Covid-19 recovery support for businesses left behind by existing government schemes.
On 9 July ACCA brought together a selection of ACCA members and industry partners to discuss Covid-19 recovery support for businesses left behind by existing government schemes.
Chaired by Head of ACCA UK, Claire Bennison, the meeting was attended by ACCA members, industry partners and welcomed guest speakers including Liberal Democrat Spokesperson for Business & Trade, Sarah Olney MP, Small Business Commissioner Philip King and Forgotten Ltd campaign founder Gina Broadhurst.
Rob Burlison – Director of Corporate Affairs, Intuit Quickbooks
Sarah Olney MP, Liberal Democrat Spokesperson for Business & Trade
Liberal Democrat Spokesperson for Business and Trade, Sarah Olney MP
Sarah Olney MP opened the meeting, relaying how her own experience with part-time study to become an ACCA qualified accountant has given her insight into how retraining opportunities can be a lifeline for those needing to change employment. She highlighted that these kinds of pathways will become very important in the next few years as unemployment rises and individuals look to retrain and re-enter the workforce.
Reflecting on the Chancellor's comments, Sarah said that though initially well received, there should be concern about the execution of these plans.

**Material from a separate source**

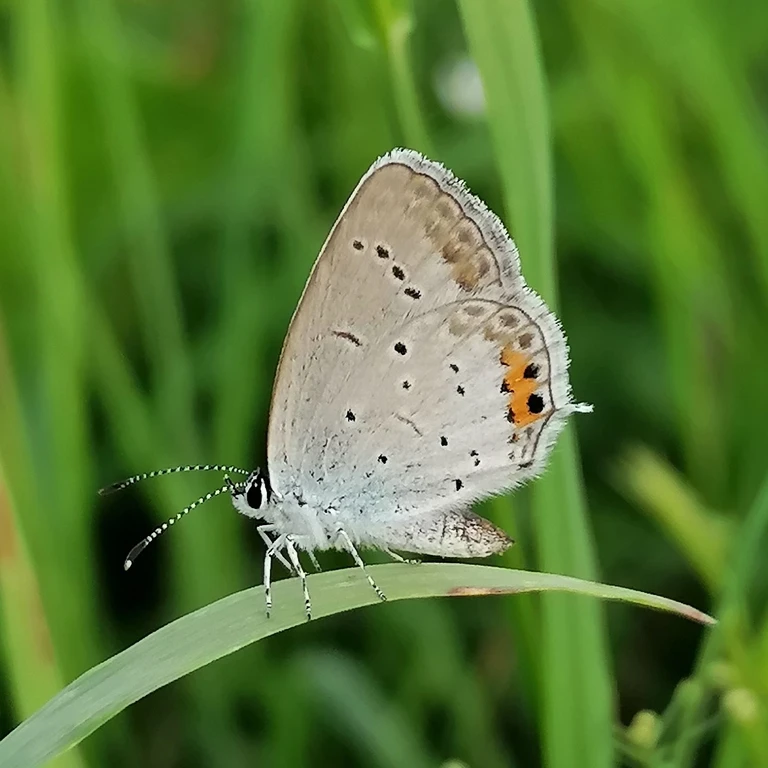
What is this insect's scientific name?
Cupido argiades (also Elkalyce argiades)

In particular schemes such as the job bonus cast a wide net and may include those already planning to bring back employees, when funds could be put to better use in higher risk sectors, for whom the £1000 incentive might not be enough. She welcomed the reduced VAT rate for tourism and hospitality but questioned support for other areas of the economy and the ‘green recovery’.
Small Business Commissioner, Philip King
Philip spoke on how business trends were affecting financial outlook. Across the board there had been a sharp rise in late or frozen payments resulting in emotional and personal impacts, exacerbating mental health problems, causing sleepless nights and affecting relationships. Philip highlighted, in the work he and his office undertakes, good practice and poor practice including where his office has intervened. He felt it would be important to raise awareness of this impact among debtors to examine how they can support the supply chain now to protect its existence in the future. Examples included large companies extending support for employees out to the supply chain or bringing forward payments to creditors to provide immediate cashflow support.

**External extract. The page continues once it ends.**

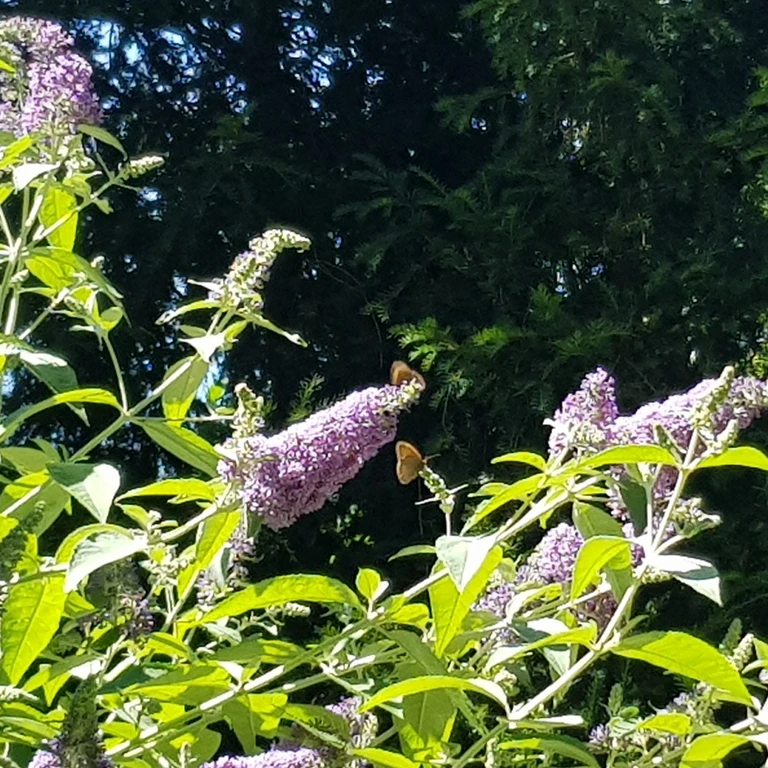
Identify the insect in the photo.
Maniola jurtina

Founder – Forgotten Ltd, Gina Broadhurst
Gina explained how Forgotten started in March as a grassroots campaign group of small business owners which has become a public campaign representing around two million limited companies employing 7.5m people. The campaign aims to raise awareness of the lack of support many of small businesses face and break down a generalised perception of owner managers as high-earners who don’t warrant support. The group's research had shown that almost a third of these businesses don’t expect to exist in a year, potentially affecting millions of jobs.
Open discussion key points:
Following the fall out of the 2008 crash many started businesses as part of an entrepreneurial culture encouraged by government. Now, due to business structure they have not received support and appear to be pinpointed as tax avoiders.
Businesses now seem to be demonised despite a longstanding acceptance that business owners forfeited employment rights in return for limited company liability to protect assets such as their family home and personal savings. Peter highlighted that government schemes have been particularly unfair to those that started a business after April 2019 and those sitting just above the hard edge of the SEISS £50,000 income threshold.
In order to ‘build back better’ with the business resilience that will help many survive there should be more support to help owners change their business model and the way things are done within the company.
46% of small businesses have a website compared to 96% of larger businesses. Those thriving have been those able to pivot to digital platforms and communications tools to reach a wider audience.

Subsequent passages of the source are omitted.